Supplied data —

*** Block opens ***

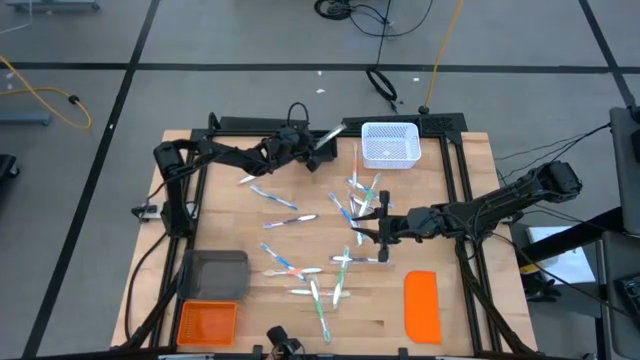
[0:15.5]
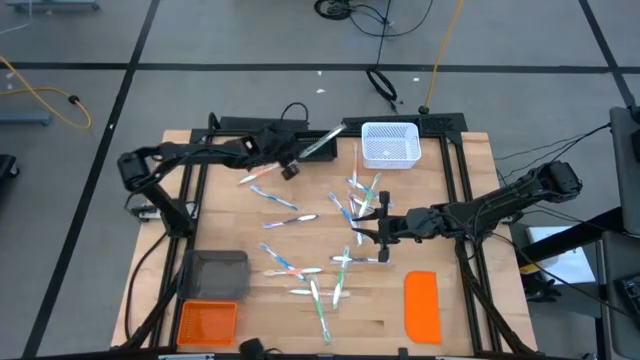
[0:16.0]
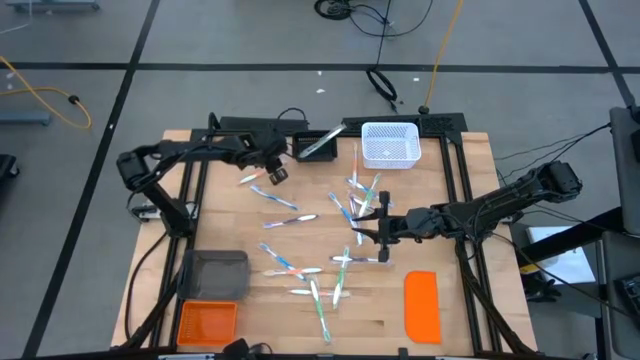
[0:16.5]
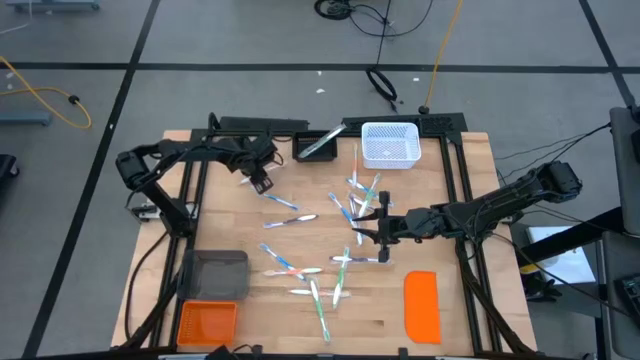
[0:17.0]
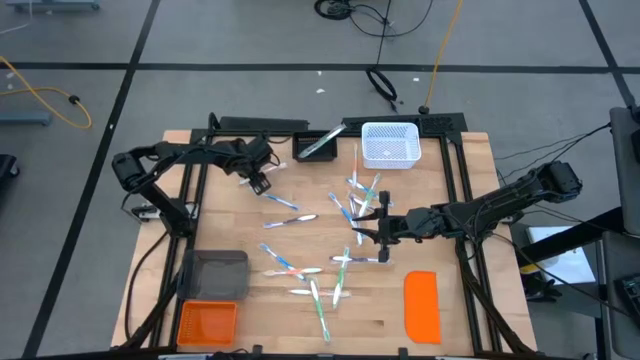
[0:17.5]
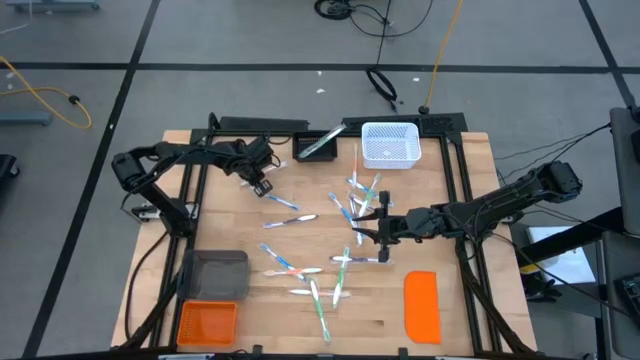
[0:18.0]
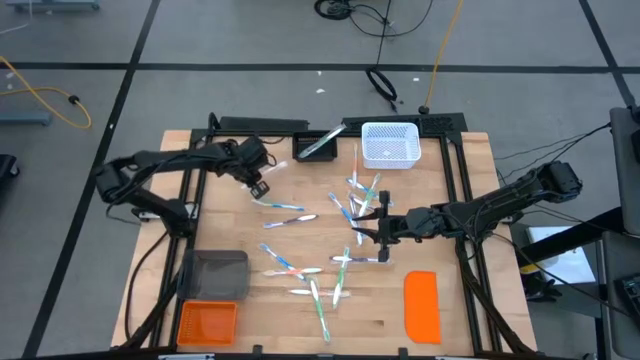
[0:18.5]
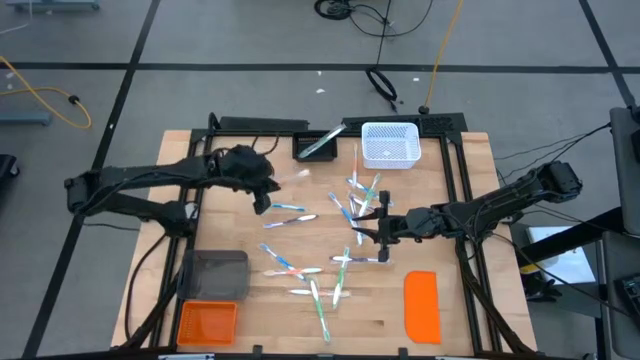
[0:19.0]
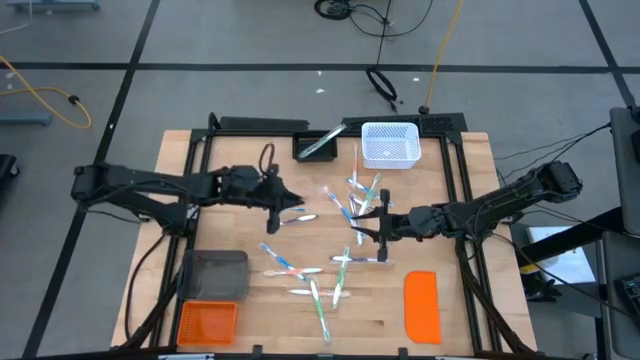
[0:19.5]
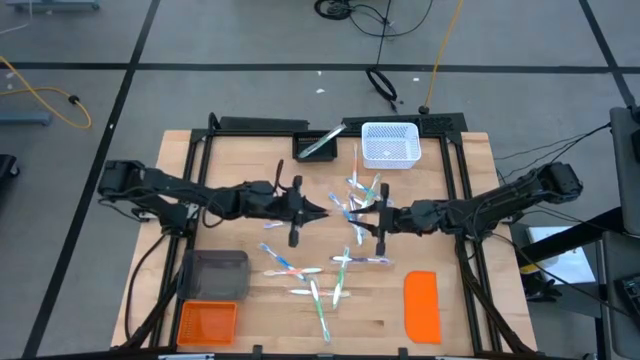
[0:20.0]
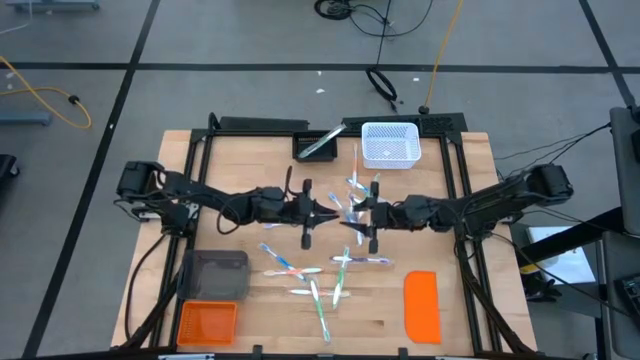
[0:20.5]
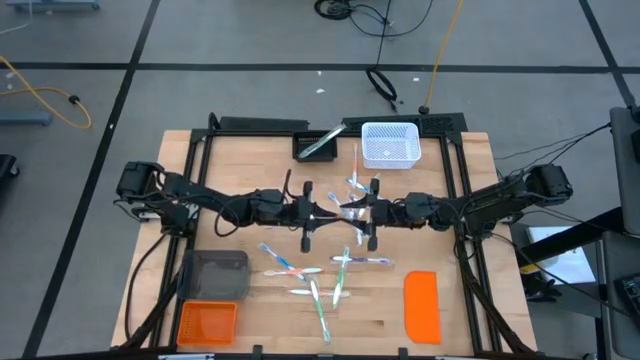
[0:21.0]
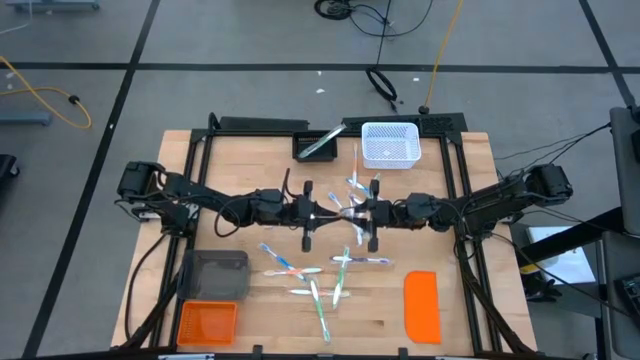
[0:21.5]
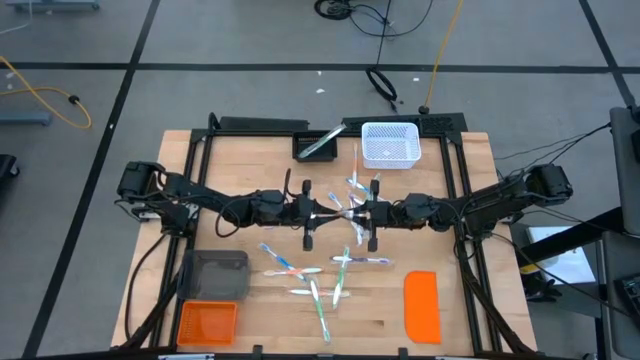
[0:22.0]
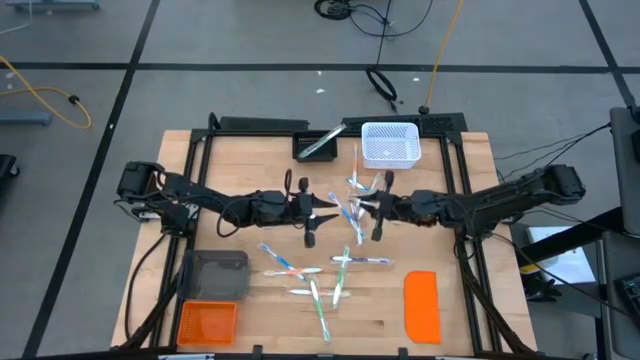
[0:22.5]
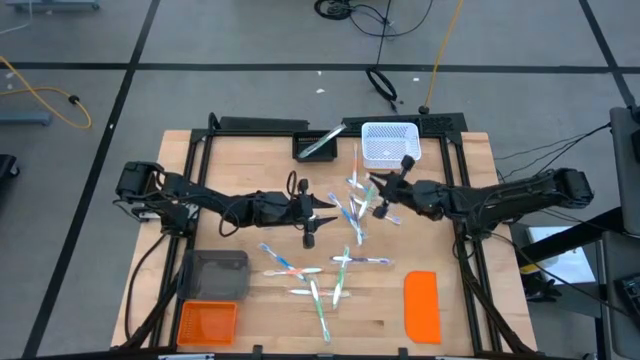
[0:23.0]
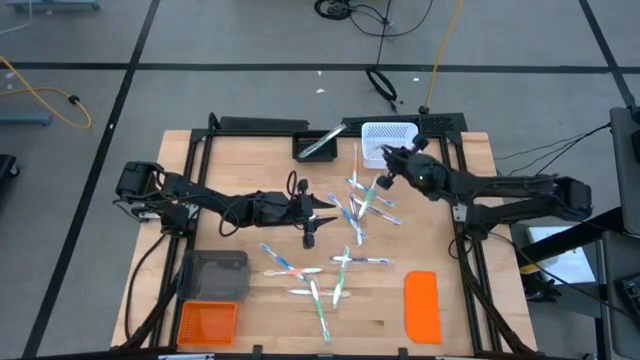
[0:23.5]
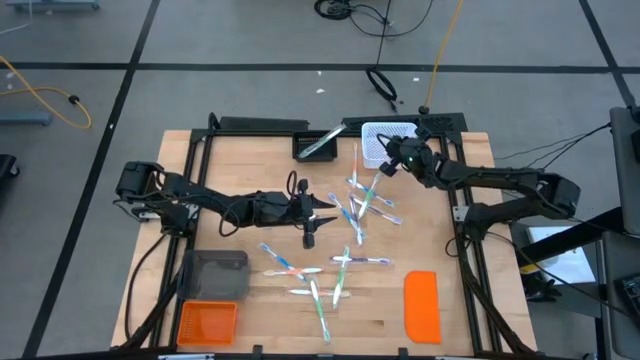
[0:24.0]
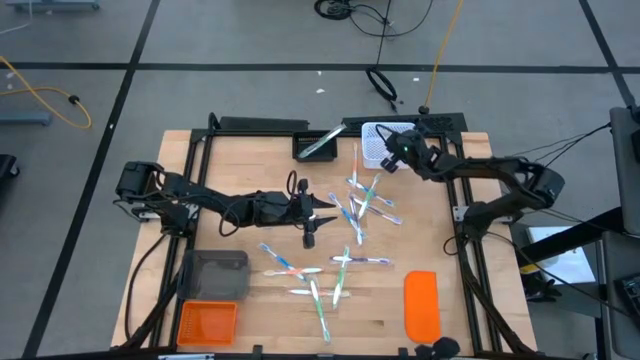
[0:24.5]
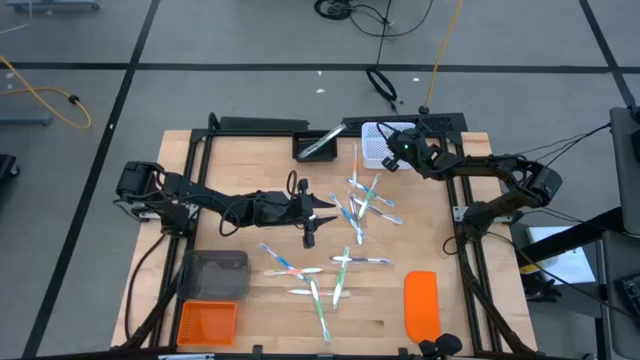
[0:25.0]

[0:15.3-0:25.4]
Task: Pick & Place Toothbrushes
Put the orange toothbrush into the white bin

*** Block closes ***

Every record above must be given again exactly; drop the pictures.

Exercise solution —
[0:15.5]
[0:16.0]
[0:16.5]
[0:17.0]
[0:17.5]
[0:18.0]
[0:18.5]
[0:19.0]
[0:19.5]
[0:20.0]
[0:20.5]
[0:21.0]
[0:21.5]
[0:22.0]
[0:22.5]
[0:23.0]
[0:23.5]
[0:24.0]
[0:24.5]
[0:25.0]

[0:15.3-0:25.4]
Task: Pick & Place Toothbrushes
Put the orange toothbrush into the white bin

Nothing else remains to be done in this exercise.